** Recorded information follows **
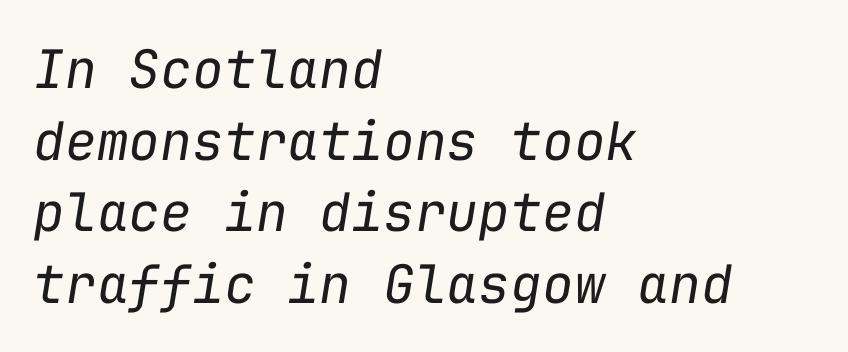
{"italic": "yes", "lean": "right", "slant_degrees": 9, "bold": "no", "weight": "regular", "width": "normal", "stroke_contrast": "low", "x_height": "medium", "monospaced": "yes", "underline": "no", "align": "left", "line_spacing": "normal", "line_spacing_ratio": 1.35, "letter_spacing": "normal", "letter_spacing_em": 0.0, "glyph_px": 53}
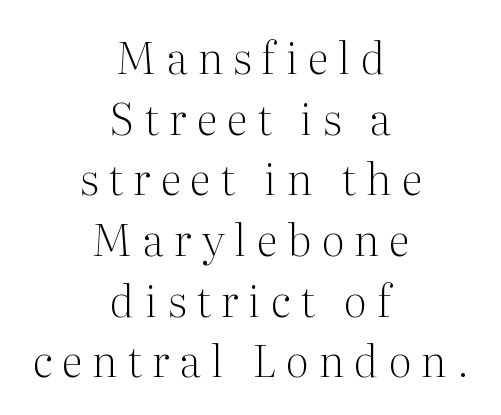
Q: Is the text bold? A: No.
Q: Is the text italic (slanted)? A: No, it is upright.
Q: Is the typeface a serif or a sans-serif typeface? A: Serif.
Q: Is the text underlined? A: No.
Q: How is the paragraph aligned? A: Centered.
Q: Is the spacing between letters normal or unusually wide? A: Unusually wide.
Q: Is the spacing between lines tight, normal or loose? A: Normal.
Q: Width (condensed, normal, or wide)? A: Normal.
Q: Stroke contrast? A: Medium.
Q: x-height? A: Medium.
Q: Monospaced? A: No.
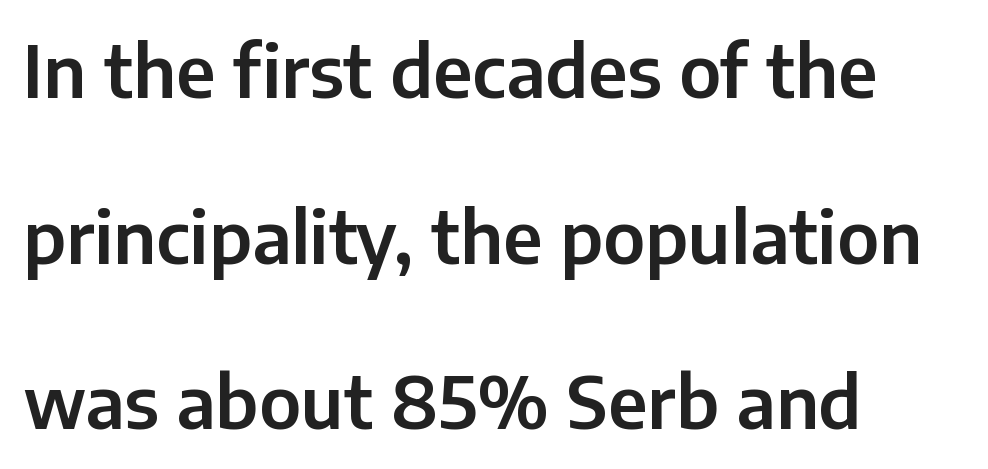
{"serif": "no", "italic": "no", "width": "normal", "stroke_contrast": "low", "x_height": "medium", "monospaced": "no", "underline": "no", "align": "left", "line_spacing": "loose", "line_spacing_ratio": 2.3, "letter_spacing": "normal", "letter_spacing_em": 0.0, "glyph_px": 72}
** End of Recorded information **
§ **Problem description**:
The copy has to start at the line that contains "Q: x-height? A: Medium." and end at the last line of the material above, matching the original exactly and holding no pictures.

§ **Result**:
Q: x-height? A: Medium.
Q: Monospaced? A: No.
{"serif": "no", "italic": "no", "width": "normal", "stroke_contrast": "low", "x_height": "medium", "monospaced": "no", "underline": "no", "align": "left", "line_spacing": "loose", "line_spacing_ratio": 2.3, "letter_spacing": "normal", "letter_spacing_em": 0.0, "glyph_px": 72}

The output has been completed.